Les agents de perfusion sont des nucléides radioactifs utilisés pour mesurer le flux sanguin entrant dans une région spécifique; ils permettent de démasquer les déficits de perfusion myocardique qui ne sont pas évidents au repos. Ils comprennent le carbone-11 (11C), le CO2, l'eau avec oxygène-15 (15O), l'ammoniac avec azote-13 (13N) et le rubidium-82 (82Rb). Seul le 82Rb ne nécessite pas la présence d'un cyclotron sur place.

Les agents métaboliques sont des analogues radioactifs de substances biologiques normales qui sont captés et métabolisés par les cellules. Elles comprennent

  • Désoxyglucose marqué au Fluor-18 (18F) (FDG)

  • 11C acétate

Le FDG détecte le renforcement du métabolisme glucidique pendant l'ischémie et peut ainsi distinguer le myocarde ischémique mais encore viable du tissu cicatriciel. La sensibilité est meilleure qu'avec l'imagerie de la perfusion myocardique, rendant ainsi le FDG utile pour sélectionner le patient qui est à revasculariser et pour l'éviter quand on n'est qu'en présence de tissu cicatriciel.
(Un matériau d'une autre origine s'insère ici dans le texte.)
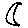
Label: moon
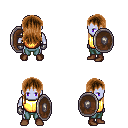
a pixel art fantasy rpg character, male body template, dark elf, purple skin, gold chest armor, teal pants, brown unkempt hairstyle, metal gloves, brown shoes, shield, four views (front, back, left, right), 2x2 character sprite sheet, small pixel art, hard edges, no anti-aliasing

C'est la raison qui peut justifier le coût élevé de la PET. La demi-vie du 18FDG est assez longue (110 min), si bien qu'il peut être produit sur un autre site. Les techniques qui permettent d'utiliser l'imagerie FDG avec une caméra SPECT conventionnelle peut rendre ce type d'imagerie largement disponible. Le FDG a également été utilisé pour détecter les troubles inflammatoires, cardiovasculaires (p. ex., des fils de stimulateur cardiaque infectés, vasculite aortique, sarcoïdose cardiaque).

La captation de l'acétate marqué au Carbone-11 semble refléter globalement le métabolisme oxydatif des myocytes. Cette captation ne dépend pas de facteurs potentiellement variables, comme la glycémie qui peut influencer la distribution du FDG. L'imagerie au 11C acétate permet de mieux prédire la récupération de la fonction myocardique post-intervention que l'imagerie FDG. Cependant, du fait de sa demi-vie de 20 min, le 11C doit être produit par un cyclotron sur place.